» **RECORDS FOR THIS TASK**
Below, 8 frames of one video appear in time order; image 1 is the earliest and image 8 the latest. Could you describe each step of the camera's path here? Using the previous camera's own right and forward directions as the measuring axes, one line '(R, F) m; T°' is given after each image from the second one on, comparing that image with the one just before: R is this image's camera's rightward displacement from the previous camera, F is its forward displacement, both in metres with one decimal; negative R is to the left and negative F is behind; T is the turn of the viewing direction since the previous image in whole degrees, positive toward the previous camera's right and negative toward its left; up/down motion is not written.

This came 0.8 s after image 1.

* * *

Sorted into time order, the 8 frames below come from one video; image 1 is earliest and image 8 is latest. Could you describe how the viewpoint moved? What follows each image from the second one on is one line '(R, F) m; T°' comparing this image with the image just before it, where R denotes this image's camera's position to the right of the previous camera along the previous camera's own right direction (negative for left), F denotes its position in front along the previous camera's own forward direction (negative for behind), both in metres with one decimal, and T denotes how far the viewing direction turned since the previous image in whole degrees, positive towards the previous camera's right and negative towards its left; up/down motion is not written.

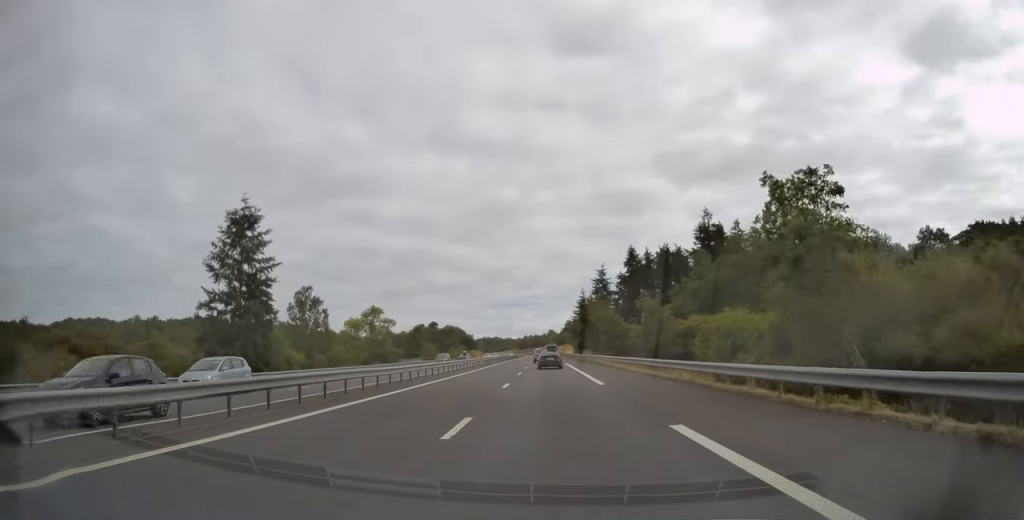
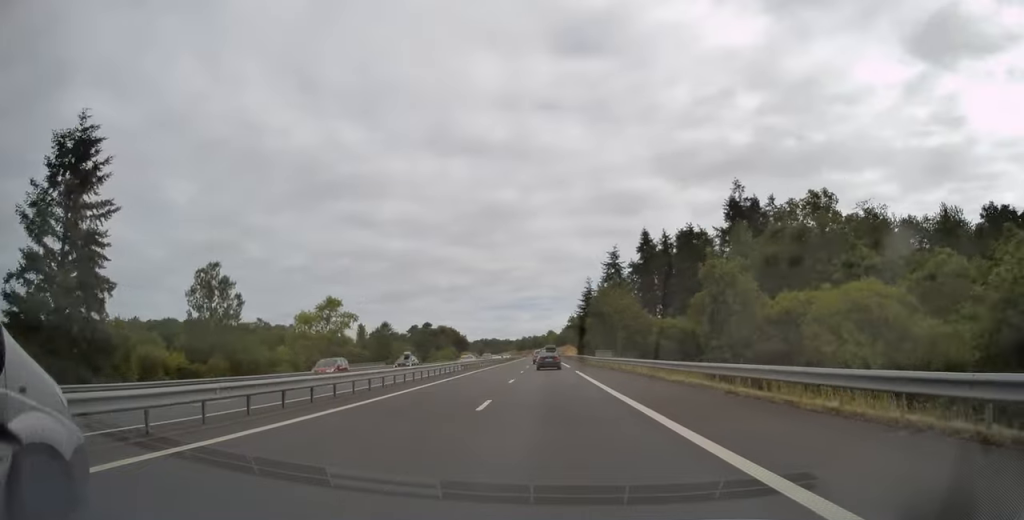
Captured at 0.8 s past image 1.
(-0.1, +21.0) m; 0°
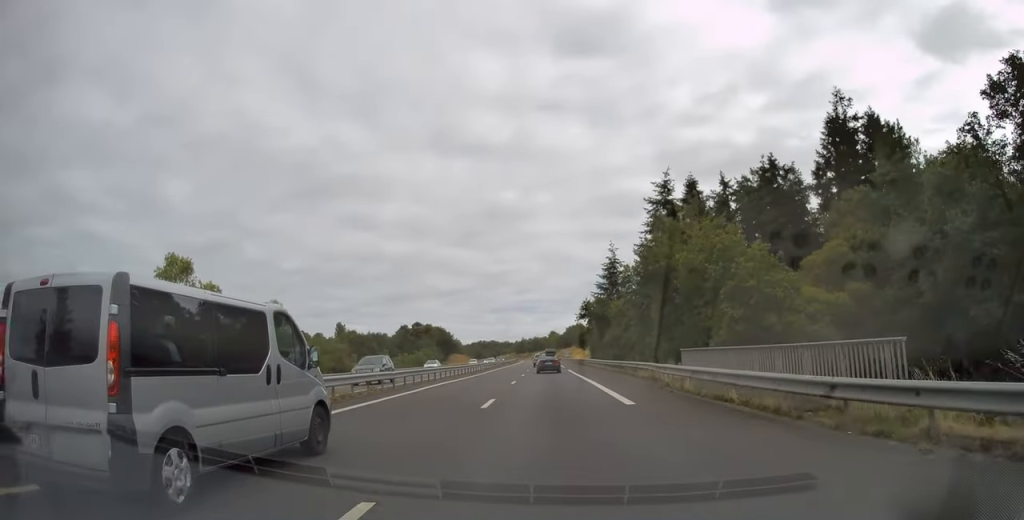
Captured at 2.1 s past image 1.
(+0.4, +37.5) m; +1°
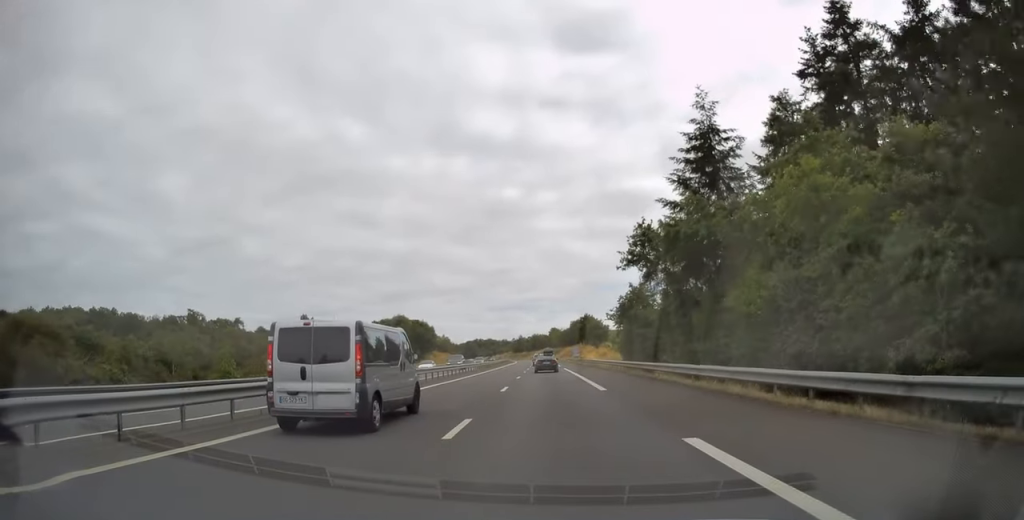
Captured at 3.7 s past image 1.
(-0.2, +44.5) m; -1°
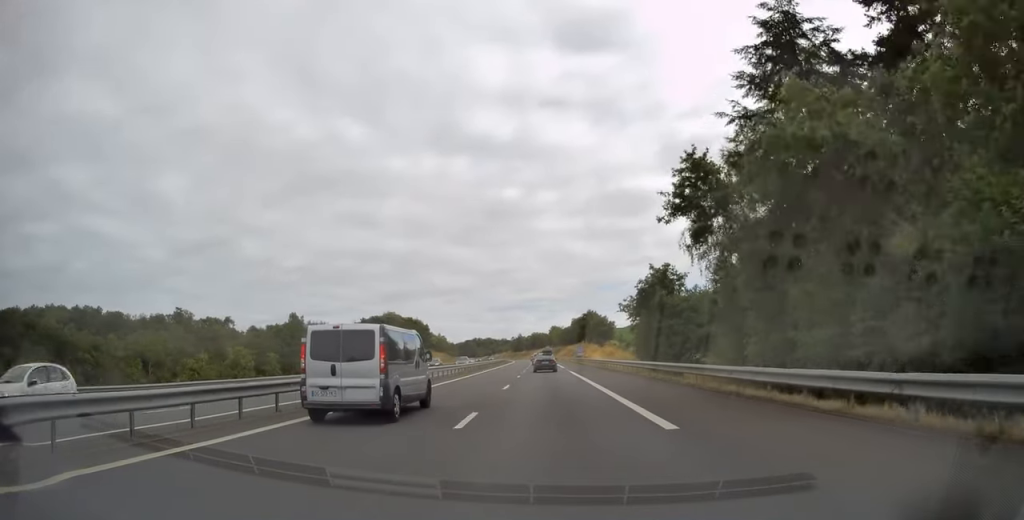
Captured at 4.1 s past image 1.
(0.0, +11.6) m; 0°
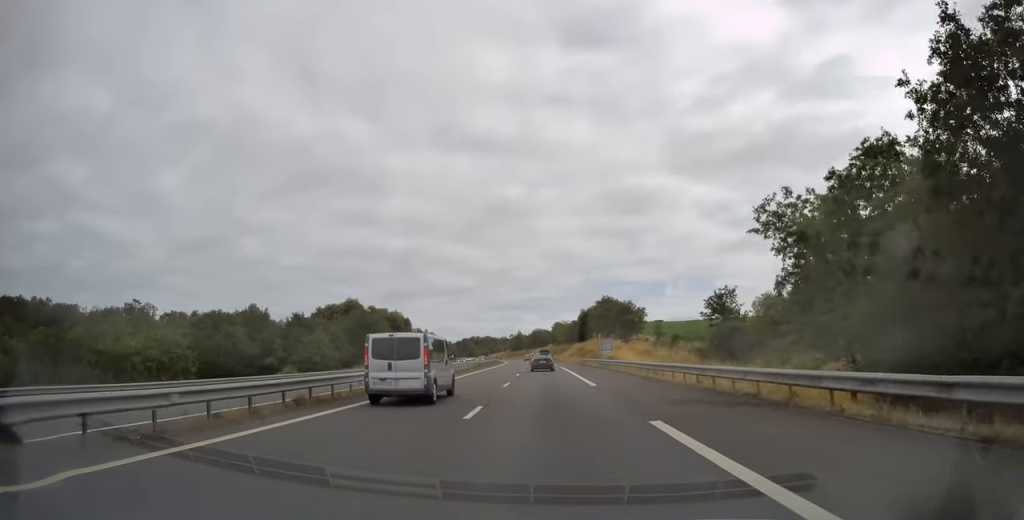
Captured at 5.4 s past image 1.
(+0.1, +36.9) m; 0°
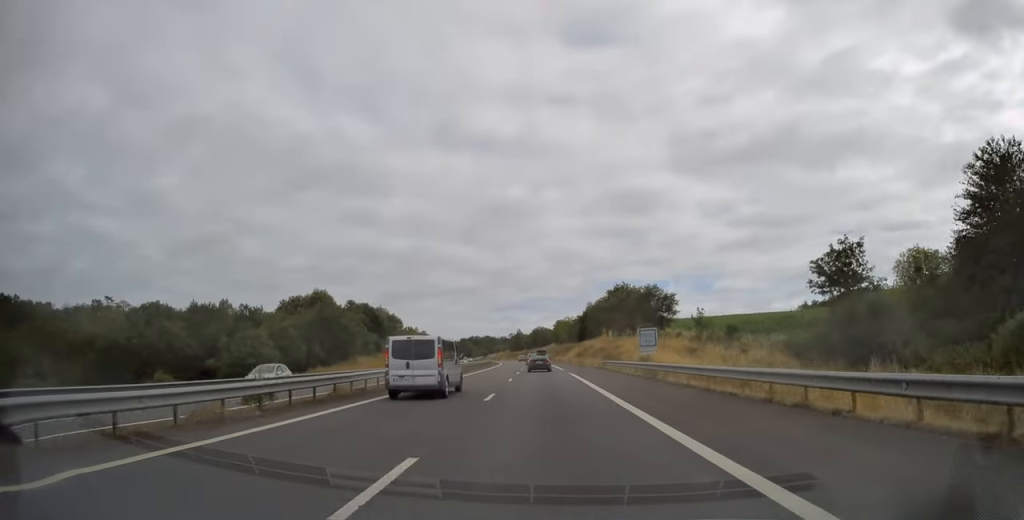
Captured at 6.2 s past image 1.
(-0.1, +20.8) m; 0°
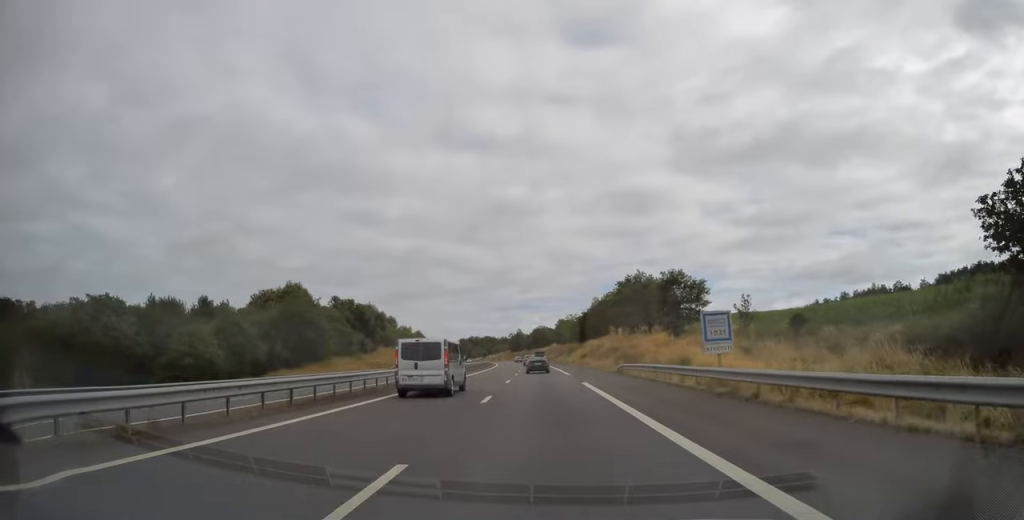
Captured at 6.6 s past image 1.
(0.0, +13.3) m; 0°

...

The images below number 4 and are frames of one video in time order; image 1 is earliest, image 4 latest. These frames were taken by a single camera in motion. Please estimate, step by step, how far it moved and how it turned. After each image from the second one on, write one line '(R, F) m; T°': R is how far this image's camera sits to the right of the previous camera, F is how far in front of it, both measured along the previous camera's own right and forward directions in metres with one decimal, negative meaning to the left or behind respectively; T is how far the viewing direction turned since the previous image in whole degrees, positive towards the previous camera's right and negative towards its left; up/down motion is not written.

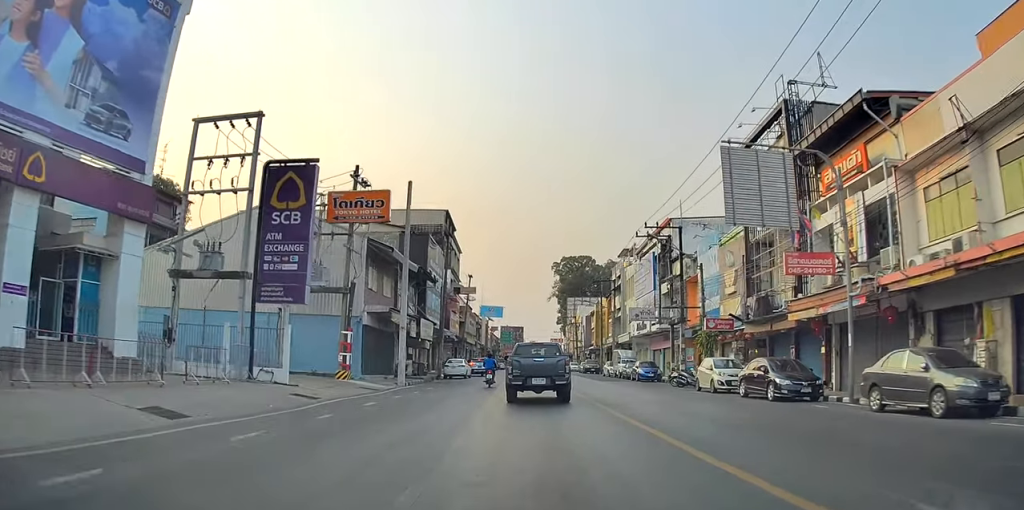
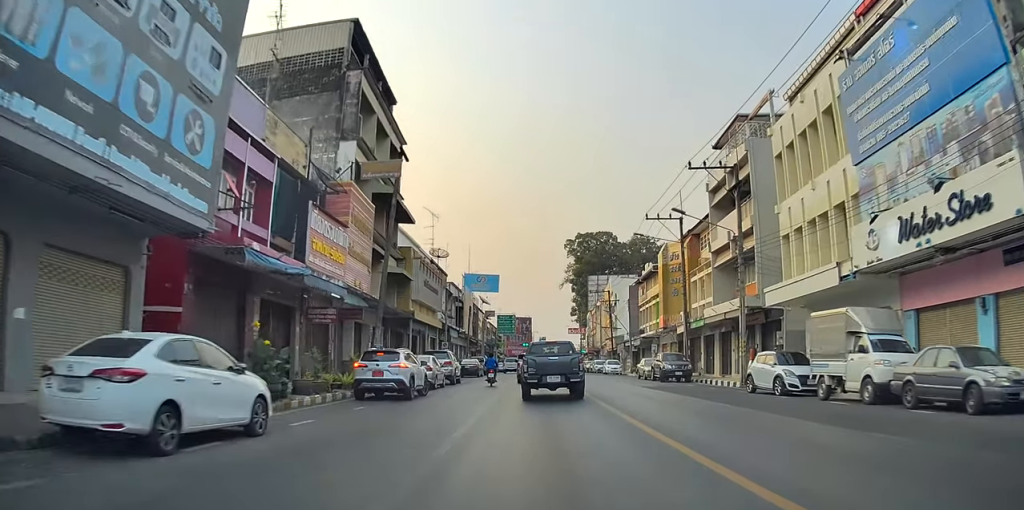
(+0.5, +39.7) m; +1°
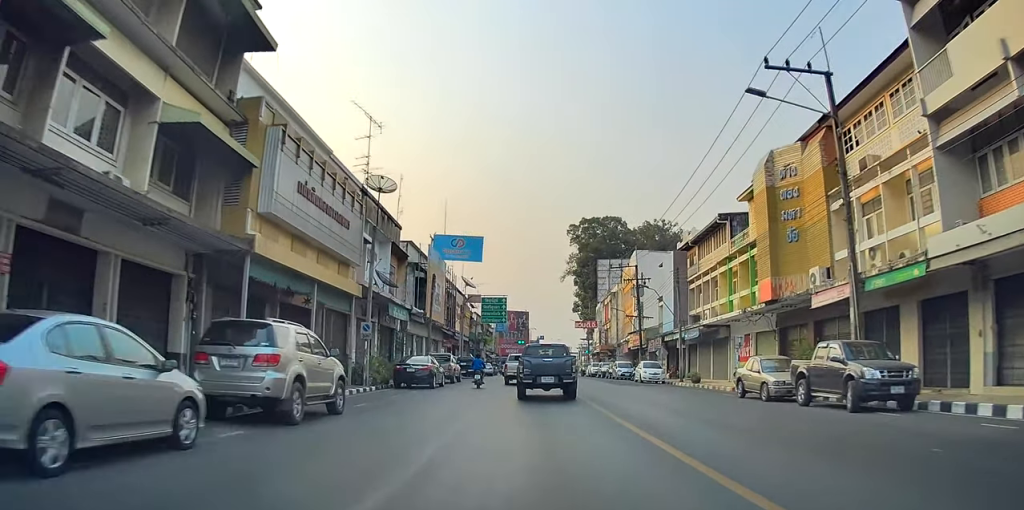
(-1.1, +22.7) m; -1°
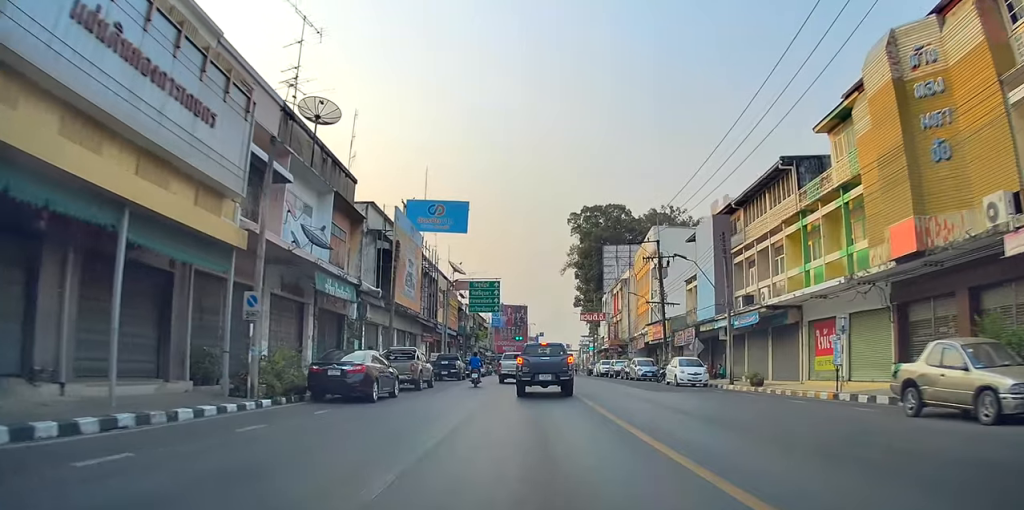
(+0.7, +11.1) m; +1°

» **EXERCISE DIRECTIONS**
Return exactly, and only, the lines above starting at the line that contains "Below, 8 frames" and ending at the line that contains "This came 0.8 s after image 1.".

» **PROBLEM SOLUTION**
Below, 8 frames of one video appear in time order; image 1 is the earliest and image 8 the latest. Could you describe each step of the camera's path here? Using the previous camera's own right and forward directions as the measuring axes, one line '(R, F) m; T°' is given after each image from the second one on, comparing that image with the one just before: R is this image's camera's rightward displacement from the previous camera, F is its forward displacement, both in metres with one decimal; negative R is to the left and negative F is behind; T is the turn of the viewing direction since the previous image in whole degrees, positive toward the previous camera's right and negative toward its left; up/down motion is not written.

This came 0.8 s after image 1.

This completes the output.